Former railway station in Sydney, Australia

Camellia railway station was a suburban railway station located on the Carlingford line, serving the Sydney suburb of Camellia. Open between 1901 and 2020, at the time of closure it was served by Sydney Trains T6 Carlingford Line services.

==History==
The private Simpson's Railway from Rosehill Racecourse to Carlingford was constructed through the site of the future Camellia station in 1896. However, no station was provided at Camellia at this time. The private railway line was purchased by the NSW State Government in July 1899, with a view to provide passenger services along the line.

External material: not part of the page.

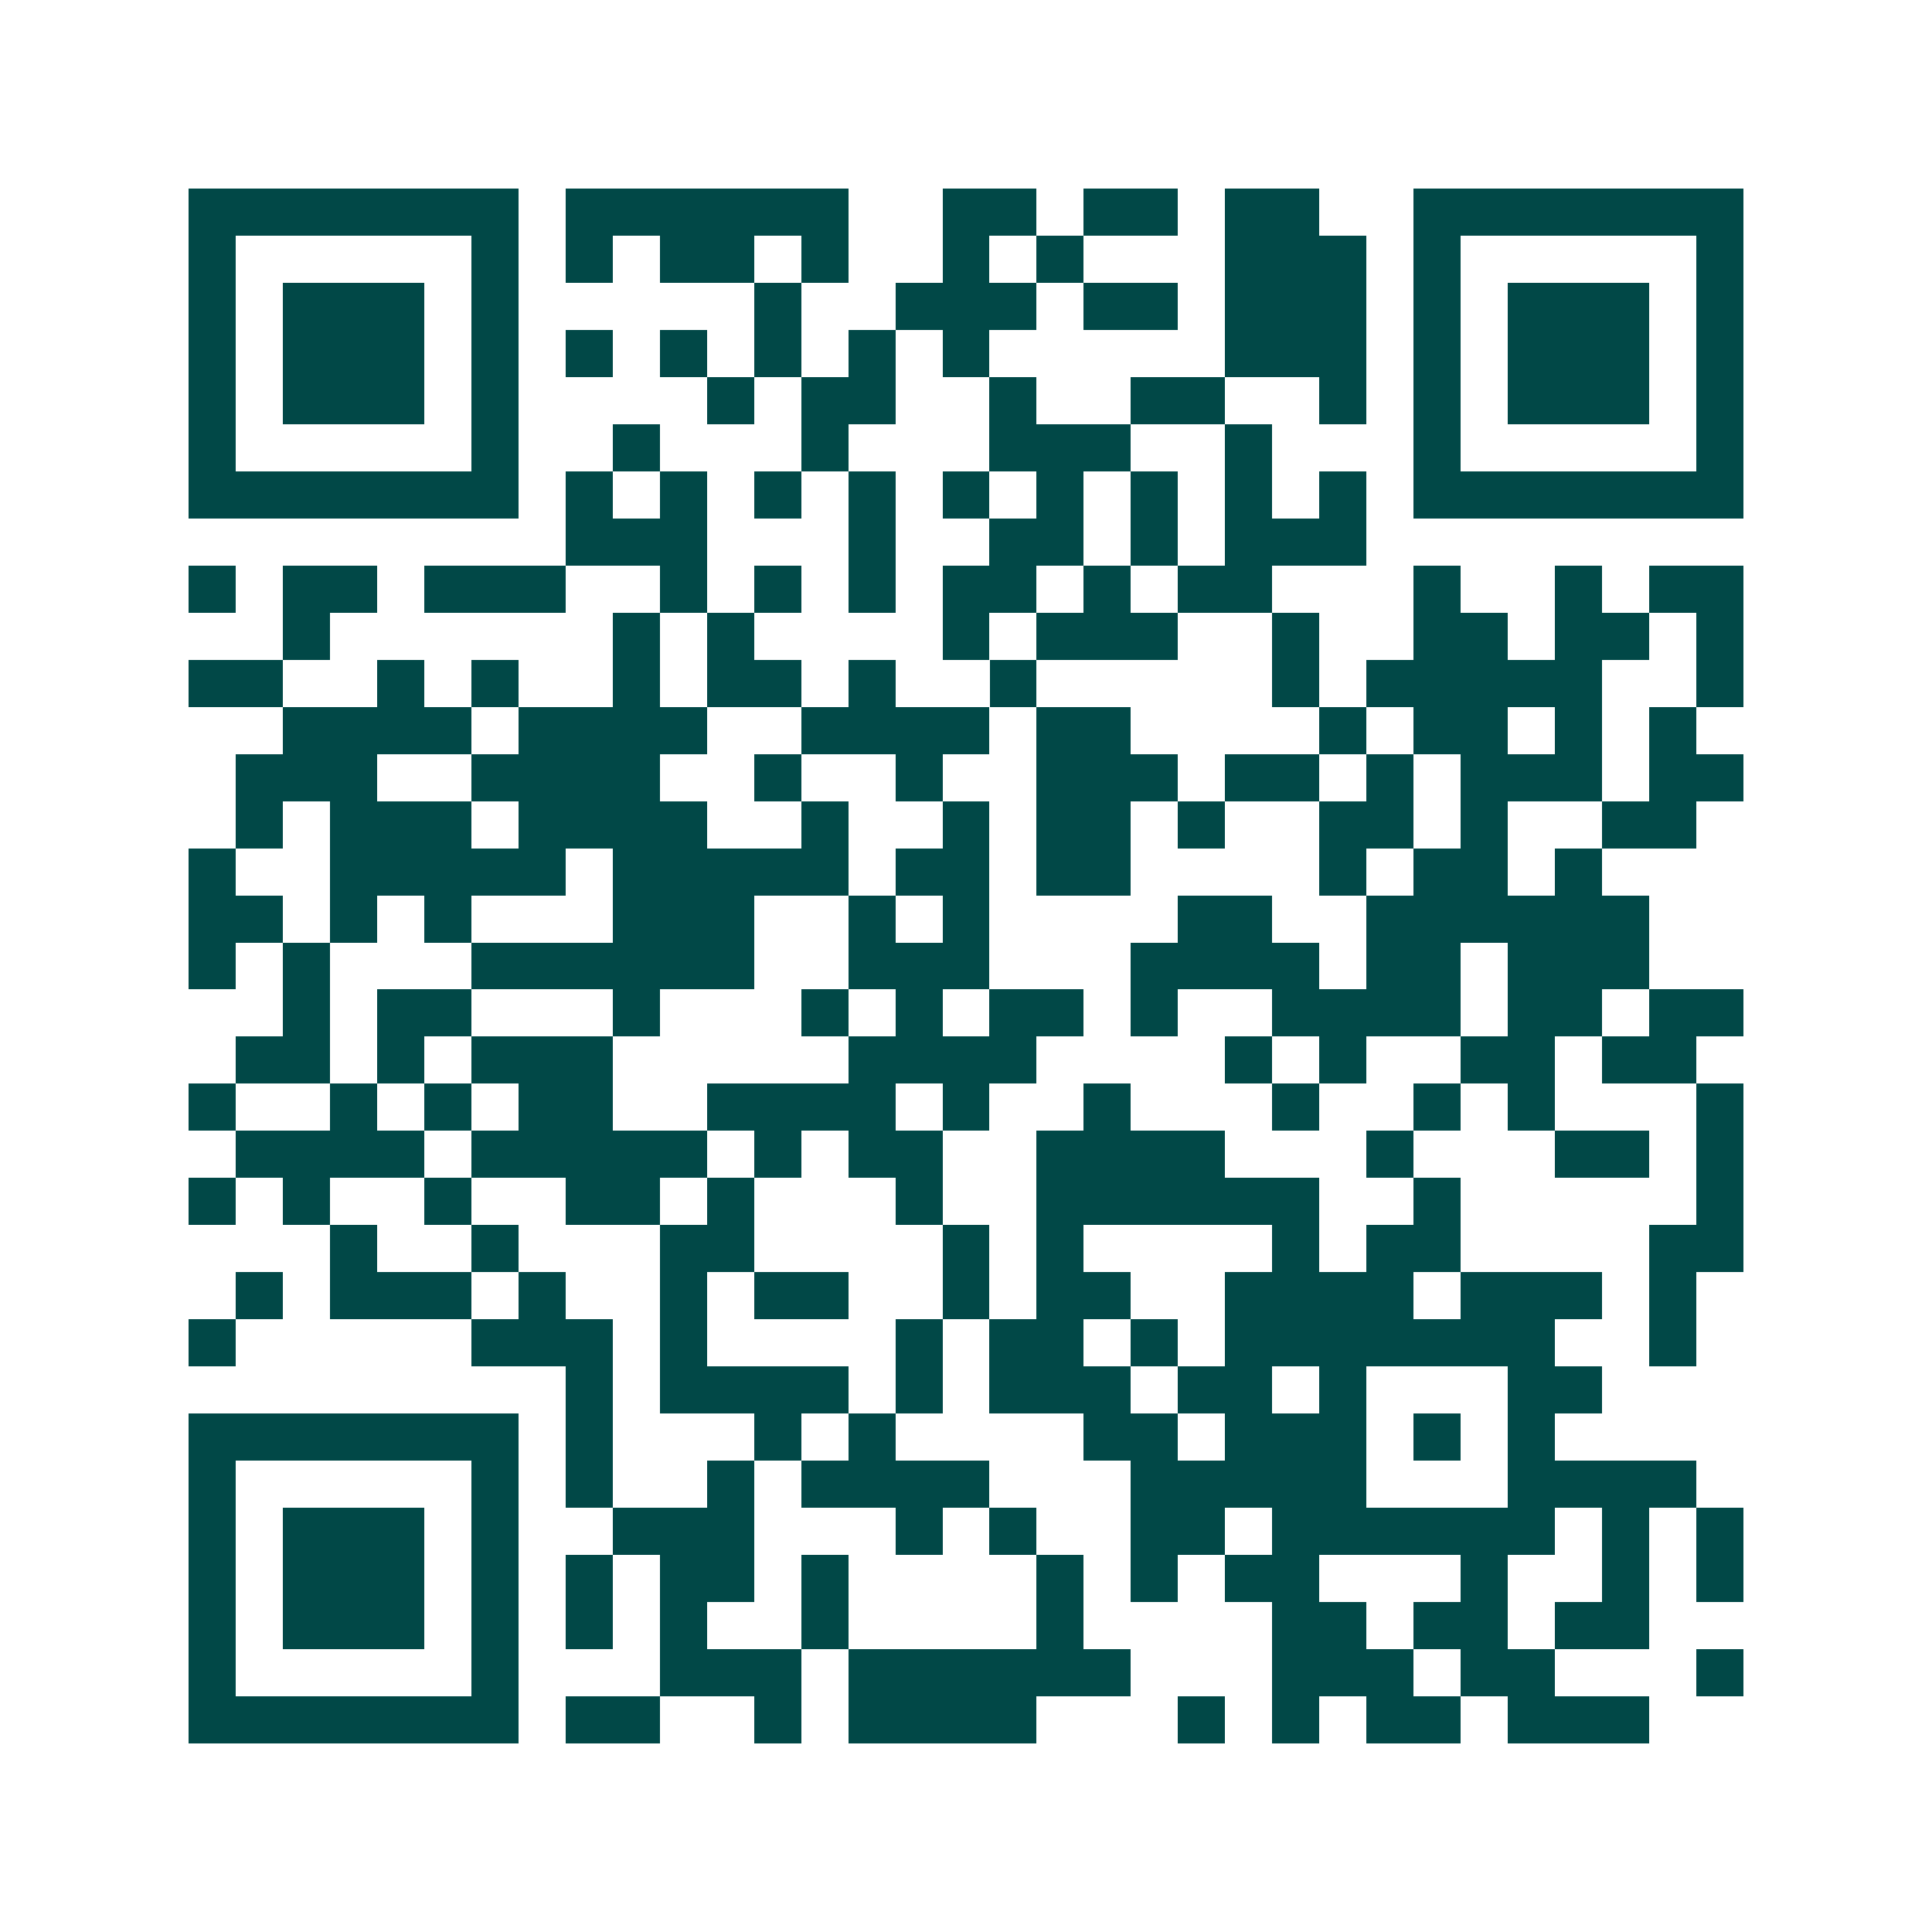 <svg xmlns="http://www.w3.org/2000/svg" width="200" height="200" viewBox="0 0 41 41" shape-rendering="crispEdges"><path fill="#ffffff" d="M0 0h41v41H0z"/><path stroke="#014847" d="M4 4.5h7m1 0h6m2 0h2m1 0h2m1 0h2m2 0h7M4 5.5h1m5 0h1m1 0h1m1 0h2m1 0h1m2 0h1m1 0h1m3 0h3m1 0h1m5 0h1M4 6.5h1m1 0h3m1 0h1m5 0h1m2 0h3m1 0h2m1 0h3m1 0h1m1 0h3m1 0h1M4 7.5h1m1 0h3m1 0h1m1 0h1m1 0h1m1 0h1m1 0h1m1 0h1m5 0h3m1 0h1m1 0h3m1 0h1M4 8.5h1m1 0h3m1 0h1m4 0h1m1 0h2m2 0h1m2 0h2m2 0h1m1 0h1m1 0h3m1 0h1M4 9.5h1m5 0h1m2 0h1m3 0h1m3 0h3m2 0h1m3 0h1m5 0h1M4 10.5h7m1 0h1m1 0h1m1 0h1m1 0h1m1 0h1m1 0h1m1 0h1m1 0h1m1 0h1m1 0h7M12 11.5h3m3 0h1m2 0h2m1 0h1m1 0h3M4 12.5h1m1 0h2m1 0h3m2 0h1m1 0h1m1 0h1m1 0h2m1 0h1m1 0h2m3 0h1m2 0h1m1 0h2M6 13.5h1m6 0h1m1 0h1m4 0h1m1 0h3m2 0h1m2 0h2m1 0h2m1 0h1M4 14.5h2m2 0h1m1 0h1m2 0h1m1 0h2m1 0h1m2 0h1m5 0h1m1 0h5m2 0h1M6 15.5h4m1 0h4m2 0h4m1 0h2m4 0h1m1 0h2m1 0h1m1 0h1M5 16.5h3m2 0h4m2 0h1m2 0h1m2 0h3m1 0h2m1 0h1m1 0h3m1 0h2M5 17.5h1m1 0h3m1 0h4m2 0h1m2 0h1m1 0h2m1 0h1m2 0h2m1 0h1m2 0h2M4 18.5h1m2 0h5m1 0h5m1 0h2m1 0h2m4 0h1m1 0h2m1 0h1M4 19.5h2m1 0h1m1 0h1m3 0h3m2 0h1m1 0h1m4 0h2m2 0h6M4 20.5h1m1 0h1m3 0h6m2 0h3m3 0h4m1 0h2m1 0h3M6 21.5h1m1 0h2m3 0h1m3 0h1m1 0h1m1 0h2m1 0h1m2 0h4m1 0h2m1 0h2M5 22.5h2m1 0h1m1 0h3m5 0h4m4 0h1m1 0h1m2 0h2m1 0h2M4 23.5h1m2 0h1m1 0h1m1 0h2m2 0h4m1 0h1m2 0h1m3 0h1m2 0h1m1 0h1m3 0h1M5 24.5h4m1 0h5m1 0h1m1 0h2m2 0h4m3 0h1m3 0h2m1 0h1M4 25.5h1m1 0h1m2 0h1m2 0h2m1 0h1m3 0h1m2 0h6m2 0h1m5 0h1M7 26.5h1m2 0h1m3 0h2m4 0h1m1 0h1m4 0h1m1 0h2m4 0h2M5 27.5h1m1 0h3m1 0h1m2 0h1m1 0h2m2 0h1m1 0h2m2 0h4m1 0h3m1 0h1M4 28.5h1m5 0h3m1 0h1m4 0h1m1 0h2m1 0h1m1 0h7m2 0h1M12 29.5h1m1 0h4m1 0h1m1 0h3m1 0h2m1 0h1m3 0h2M4 30.5h7m1 0h1m3 0h1m1 0h1m4 0h2m1 0h3m1 0h1m1 0h1M4 31.5h1m5 0h1m1 0h1m2 0h1m1 0h4m3 0h5m3 0h4M4 32.5h1m1 0h3m1 0h1m2 0h3m3 0h1m1 0h1m2 0h2m1 0h6m1 0h1m1 0h1M4 33.5h1m1 0h3m1 0h1m1 0h1m1 0h2m1 0h1m4 0h1m1 0h1m1 0h2m3 0h1m2 0h1m1 0h1M4 34.5h1m1 0h3m1 0h1m1 0h1m1 0h1m2 0h1m4 0h1m4 0h2m1 0h2m1 0h2M4 35.5h1m5 0h1m3 0h3m1 0h6m3 0h3m1 0h2m3 0h1M4 36.5h7m1 0h2m2 0h1m1 0h4m3 0h1m1 0h1m1 0h2m1 0h3"/></svg>

The site of the future Camellia station was located at the perpendicular flat crossing of the railway line and the Parramatta Steam Tramway to Redbank Wharf, which had opened in 1883. The idea to provide an interchange between the two railways meant that construction of a station at the site was proposed as early as January 1899 before the government's purchase of Simpson's Railway, though by as late as 18 July 1901, no decision had yet been publicly reported on the construction of said station.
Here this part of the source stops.